Menurut Farhan, penyelidikan kini tidak hanya menyasar pelaku penebangan pohon. Pemerintah juga mendalami kemungkinan adanya pihak lain yang mengetahui atau terlibat, termasuk pengelola kawasan padel yang menjadi lokasi berdirinya videotron.
Pemeriksaan dilakukan untuk memastikan apakah pihak pengelola mengetahui maupun memberikan persetujuan terhadap penebangan pohon yang dilakukan demi meningkatkan visibilitas videotron.
“Kami sedang mendalami apakah pengelola padel mengetahui dan menyetujui penebangan pohon itu. Selain itu, kami juga akan memeriksa apakah pembangunan di lokasi tersebut sudah sesuai dengan kaidah tata ruang,” katanya.
Tata ruang dan legalitas pembangunan diaudit
Selain menelusuri dugaan keterlibatan pengelola kawasan, Pemkot Bandung juga masih mendalami pengakuan bahwa penebangan dilakukan oleh subkontraktor.
Farhan menegaskan pihaknya belum menarik kesimpulan terkait pengakuan tersebut. Pemerintah masih berupaya mencari pihak yang memberi perintah sehingga dapat diketahui siapa yang bertanggung jawab atas tindakan itu.
“Secara status memang pengelola videotron yang bertanggung jawab. Tetapi kami akan telusuri lagi, subkontraktor itu diperintah oleh siapa. Secara formal belum bisa disimpulkan,” ujarnya.
Ia menjelaskan, apabila pelanggaran hanya berkaitan dengan Peraturan Daerah, penanganannya menjadi kewenangan pemerintah daerah. Namun jika ditemukan dugaan tindak pidana lingkungan, proses hukumnya akan ditangani oleh penyidik Kementerian Lingkungan Hidup.
“Saya juga sudah mendapat atensi khusus dari Komisi XII DPR RI yang meminta agar penegakan hukumnya dikawal. Begitu juga dari Polrestabes Bandung,” katanya.
ASN terkait perizinan dan pengawasan ikut diperiksa
Farhan memastikan Pemkot Bandung terus mendampingi penyelidikan yang dilakukan tim Gakkum Kementerian Lingkungan Hidup. Ia juga menegaskan seluruh perkembangan kasus akan disampaikan secara terbuka kepada pihak terkait.

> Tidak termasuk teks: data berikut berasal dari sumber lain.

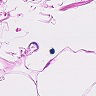
Metastatic tissue present: no
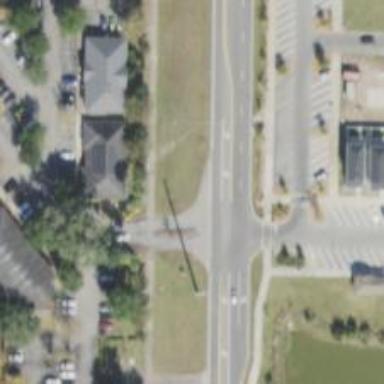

“Semua laporan akan kami sampaikan secara transparan kepada Kementerian Lingkungan Hidup, Polrestabes Bandung maupun Komisi XII DPR RI,” ungkapnya.
Di sisi lain, Inspektorat Kota Bandung diminta melakukan pemeriksaan khusus untuk menelusuri kemungkinan adanya keterlibatan ASN dalam proses perizinan maupun pengawasan pembangunan videotron tersebut.
Pemeriksaan internal akan dilakukan terhadap seluruh perangkat daerah yang memiliki keterkaitan dengan proses perizinan dan pengawasan.
“Semua akan diperiksa, mulai dari Satpol PP, Dinas Lingkungan Hidup, DPKP, DSDABM, DPMPTSP, camat, lurah bahkan saya sebagai Wali Kota juga akan diperiksa apabila diperlukan. Penegakan hukum berjalan pemeriksaan internal juga berjalan,” tuturnya.
Selain pemeriksaan internal, Pemkot Bandung tetap berkoordinasi dengan Kementerian Lingkungan Hidup, Polrestabes Bandung, dan Komisi XII DPR RI yang turut memberikan perhatian terhadap perkembangan kasus tersebut.